Problem statement » Copy word for word, please, the lines of the entries below running from the one containing "Query: thing at (909, 409)." to the one containing "[-22.395,-11.422,34.544,7.197,8.011,8.040,-3,-4,19]", both ends included.

(Dataset entries)
== == ==

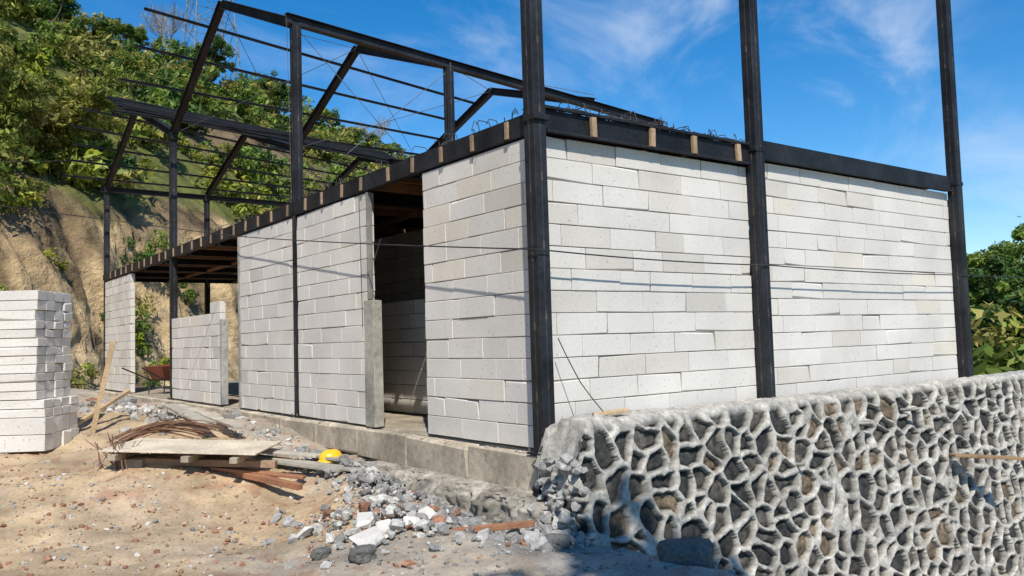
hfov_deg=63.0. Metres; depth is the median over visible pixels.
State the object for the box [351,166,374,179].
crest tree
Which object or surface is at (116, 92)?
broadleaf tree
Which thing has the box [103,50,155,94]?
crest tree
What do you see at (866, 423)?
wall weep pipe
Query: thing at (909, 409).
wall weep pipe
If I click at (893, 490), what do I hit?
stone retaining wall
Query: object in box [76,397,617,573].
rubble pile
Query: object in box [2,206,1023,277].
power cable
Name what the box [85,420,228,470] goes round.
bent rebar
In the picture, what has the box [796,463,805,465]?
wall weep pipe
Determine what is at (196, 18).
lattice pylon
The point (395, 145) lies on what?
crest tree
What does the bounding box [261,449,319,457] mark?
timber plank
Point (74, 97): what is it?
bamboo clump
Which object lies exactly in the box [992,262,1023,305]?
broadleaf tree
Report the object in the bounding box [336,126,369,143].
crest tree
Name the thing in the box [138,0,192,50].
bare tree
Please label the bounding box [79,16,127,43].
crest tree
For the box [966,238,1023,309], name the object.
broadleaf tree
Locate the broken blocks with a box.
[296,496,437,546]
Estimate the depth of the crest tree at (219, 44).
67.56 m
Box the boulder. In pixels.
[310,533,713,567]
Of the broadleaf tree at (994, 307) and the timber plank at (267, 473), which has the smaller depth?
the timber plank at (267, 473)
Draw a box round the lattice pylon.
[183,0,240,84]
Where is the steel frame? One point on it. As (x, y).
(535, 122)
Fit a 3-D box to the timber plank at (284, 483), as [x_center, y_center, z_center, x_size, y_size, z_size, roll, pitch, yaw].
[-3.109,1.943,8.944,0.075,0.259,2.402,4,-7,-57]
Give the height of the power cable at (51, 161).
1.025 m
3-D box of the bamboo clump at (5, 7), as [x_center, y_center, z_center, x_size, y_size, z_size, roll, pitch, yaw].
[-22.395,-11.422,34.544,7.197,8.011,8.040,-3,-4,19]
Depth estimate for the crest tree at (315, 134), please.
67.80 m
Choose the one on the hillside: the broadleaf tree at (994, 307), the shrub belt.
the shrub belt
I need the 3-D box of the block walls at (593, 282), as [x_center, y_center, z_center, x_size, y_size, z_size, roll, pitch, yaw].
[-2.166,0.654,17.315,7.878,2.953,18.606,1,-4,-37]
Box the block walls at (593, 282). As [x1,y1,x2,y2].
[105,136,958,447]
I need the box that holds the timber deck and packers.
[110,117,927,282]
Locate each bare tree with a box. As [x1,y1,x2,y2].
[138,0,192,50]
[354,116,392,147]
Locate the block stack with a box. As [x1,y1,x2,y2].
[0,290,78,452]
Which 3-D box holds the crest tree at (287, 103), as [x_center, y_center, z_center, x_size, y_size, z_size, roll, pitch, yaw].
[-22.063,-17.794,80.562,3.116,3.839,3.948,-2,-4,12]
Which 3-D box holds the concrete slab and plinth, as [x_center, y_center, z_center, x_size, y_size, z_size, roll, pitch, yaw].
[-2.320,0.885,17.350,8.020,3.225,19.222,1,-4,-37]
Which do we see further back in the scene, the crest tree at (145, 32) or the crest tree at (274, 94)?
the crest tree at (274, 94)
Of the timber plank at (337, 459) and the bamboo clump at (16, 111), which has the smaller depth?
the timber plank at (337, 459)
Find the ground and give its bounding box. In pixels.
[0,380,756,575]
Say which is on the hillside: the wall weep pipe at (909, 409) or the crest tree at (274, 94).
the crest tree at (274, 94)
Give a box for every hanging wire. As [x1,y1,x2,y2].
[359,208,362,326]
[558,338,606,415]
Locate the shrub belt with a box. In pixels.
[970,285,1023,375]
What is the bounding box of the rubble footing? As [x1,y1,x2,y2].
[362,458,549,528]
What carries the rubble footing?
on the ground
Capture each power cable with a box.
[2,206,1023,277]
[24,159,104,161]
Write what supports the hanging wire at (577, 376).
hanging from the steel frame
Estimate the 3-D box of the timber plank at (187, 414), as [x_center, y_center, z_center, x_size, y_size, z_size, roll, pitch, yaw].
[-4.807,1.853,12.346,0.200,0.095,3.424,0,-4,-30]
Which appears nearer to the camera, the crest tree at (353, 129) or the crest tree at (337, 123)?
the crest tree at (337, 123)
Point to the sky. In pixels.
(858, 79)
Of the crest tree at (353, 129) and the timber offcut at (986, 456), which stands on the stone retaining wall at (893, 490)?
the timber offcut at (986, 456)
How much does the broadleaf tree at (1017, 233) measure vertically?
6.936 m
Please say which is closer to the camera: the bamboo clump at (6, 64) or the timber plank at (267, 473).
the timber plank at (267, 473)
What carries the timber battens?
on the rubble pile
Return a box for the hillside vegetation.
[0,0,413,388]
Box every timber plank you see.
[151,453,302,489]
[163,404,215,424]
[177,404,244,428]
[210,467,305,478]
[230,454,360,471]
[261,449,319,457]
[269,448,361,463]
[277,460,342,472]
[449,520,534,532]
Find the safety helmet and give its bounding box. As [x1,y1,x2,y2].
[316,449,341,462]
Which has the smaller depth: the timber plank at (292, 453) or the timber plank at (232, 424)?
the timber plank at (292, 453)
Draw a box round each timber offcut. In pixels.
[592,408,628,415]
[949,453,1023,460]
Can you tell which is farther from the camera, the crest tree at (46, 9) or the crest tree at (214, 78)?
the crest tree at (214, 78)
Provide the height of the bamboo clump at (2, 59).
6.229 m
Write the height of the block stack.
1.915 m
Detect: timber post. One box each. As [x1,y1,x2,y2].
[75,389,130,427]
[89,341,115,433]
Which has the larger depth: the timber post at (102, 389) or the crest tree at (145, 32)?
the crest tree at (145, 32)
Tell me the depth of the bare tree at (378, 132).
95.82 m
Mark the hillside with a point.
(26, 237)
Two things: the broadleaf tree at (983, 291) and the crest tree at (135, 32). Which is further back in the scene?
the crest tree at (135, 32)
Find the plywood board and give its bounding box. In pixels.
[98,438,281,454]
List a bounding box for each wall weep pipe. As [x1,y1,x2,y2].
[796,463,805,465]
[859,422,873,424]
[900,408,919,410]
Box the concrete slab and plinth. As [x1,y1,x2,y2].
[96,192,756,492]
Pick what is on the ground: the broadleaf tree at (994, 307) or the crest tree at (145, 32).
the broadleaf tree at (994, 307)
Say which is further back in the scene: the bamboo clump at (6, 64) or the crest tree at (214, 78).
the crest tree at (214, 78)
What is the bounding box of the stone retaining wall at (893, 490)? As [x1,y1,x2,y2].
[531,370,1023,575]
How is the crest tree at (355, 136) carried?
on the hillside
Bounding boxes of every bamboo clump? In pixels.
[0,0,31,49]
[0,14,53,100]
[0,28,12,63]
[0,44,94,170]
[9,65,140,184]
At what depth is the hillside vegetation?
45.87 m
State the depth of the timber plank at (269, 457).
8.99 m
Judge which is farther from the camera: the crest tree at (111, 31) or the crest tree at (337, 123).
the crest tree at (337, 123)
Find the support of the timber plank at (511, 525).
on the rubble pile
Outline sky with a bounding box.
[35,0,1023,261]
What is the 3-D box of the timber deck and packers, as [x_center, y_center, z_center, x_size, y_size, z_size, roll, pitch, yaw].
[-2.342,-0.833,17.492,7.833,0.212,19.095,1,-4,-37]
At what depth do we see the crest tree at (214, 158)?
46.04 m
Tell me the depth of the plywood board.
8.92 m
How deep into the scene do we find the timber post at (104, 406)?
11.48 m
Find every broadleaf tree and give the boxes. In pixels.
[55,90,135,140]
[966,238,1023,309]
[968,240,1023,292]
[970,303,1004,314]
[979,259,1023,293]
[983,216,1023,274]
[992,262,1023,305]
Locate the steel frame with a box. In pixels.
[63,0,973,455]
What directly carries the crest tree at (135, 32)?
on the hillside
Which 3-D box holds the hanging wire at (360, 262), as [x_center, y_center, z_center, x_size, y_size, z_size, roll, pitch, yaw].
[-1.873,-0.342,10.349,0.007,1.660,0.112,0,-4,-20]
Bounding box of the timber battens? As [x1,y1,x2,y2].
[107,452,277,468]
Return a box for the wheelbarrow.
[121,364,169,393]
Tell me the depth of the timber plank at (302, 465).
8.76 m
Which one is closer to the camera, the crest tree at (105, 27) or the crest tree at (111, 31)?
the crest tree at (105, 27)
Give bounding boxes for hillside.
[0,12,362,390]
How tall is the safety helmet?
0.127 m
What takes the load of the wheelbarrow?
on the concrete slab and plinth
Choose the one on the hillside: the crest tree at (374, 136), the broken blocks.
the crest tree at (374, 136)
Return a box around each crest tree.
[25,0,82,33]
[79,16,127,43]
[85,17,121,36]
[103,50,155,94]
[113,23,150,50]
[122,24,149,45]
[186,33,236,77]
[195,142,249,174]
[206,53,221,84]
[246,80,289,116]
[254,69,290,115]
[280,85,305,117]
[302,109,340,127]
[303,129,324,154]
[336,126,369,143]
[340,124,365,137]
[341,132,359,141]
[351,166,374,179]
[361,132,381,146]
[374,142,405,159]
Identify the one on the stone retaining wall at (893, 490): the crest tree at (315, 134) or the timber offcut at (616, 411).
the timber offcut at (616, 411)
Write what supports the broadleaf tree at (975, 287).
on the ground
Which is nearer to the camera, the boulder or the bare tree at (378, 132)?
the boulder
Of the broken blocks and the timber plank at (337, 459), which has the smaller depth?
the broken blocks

== == ==

Final answer »
Query: thing at (909, 409).
wall weep pipe
If I click at (893, 490), what do I hit?
stone retaining wall
Query: object in box [76,397,617,573].
rubble pile
Query: object in box [2,206,1023,277].
power cable
Name what the box [85,420,228,470] goes round.
bent rebar
In the picture, what has the box [796,463,805,465]?
wall weep pipe
Determine what is at (196, 18).
lattice pylon
The point (395, 145) lies on what?
crest tree
What does the bounding box [261,449,319,457] mark?
timber plank
Point (74, 97): what is it?
bamboo clump
Which object lies exactly in the box [992,262,1023,305]?
broadleaf tree
Report the object in the bounding box [336,126,369,143].
crest tree
Name the thing in the box [138,0,192,50].
bare tree
Please label the bounding box [79,16,127,43].
crest tree
For the box [966,238,1023,309], name the object.
broadleaf tree
Locate the broken blocks with a box.
[296,496,437,546]
Estimate the depth of the crest tree at (219, 44).
67.56 m
Box the boulder. In pixels.
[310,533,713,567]
Of the broadleaf tree at (994, 307) and the timber plank at (267, 473), which has the smaller depth?
the timber plank at (267, 473)
Draw a box round the lattice pylon.
[183,0,240,84]
Where is the steel frame? One point on it. As (x, y).
(535, 122)
Fit a 3-D box to the timber plank at (284, 483), as [x_center, y_center, z_center, x_size, y_size, z_size, roll, pitch, yaw].
[-3.109,1.943,8.944,0.075,0.259,2.402,4,-7,-57]
Give the height of the power cable at (51, 161).
1.025 m
3-D box of the bamboo clump at (5, 7), as [x_center, y_center, z_center, x_size, y_size, z_size, roll, pitch, yaw].
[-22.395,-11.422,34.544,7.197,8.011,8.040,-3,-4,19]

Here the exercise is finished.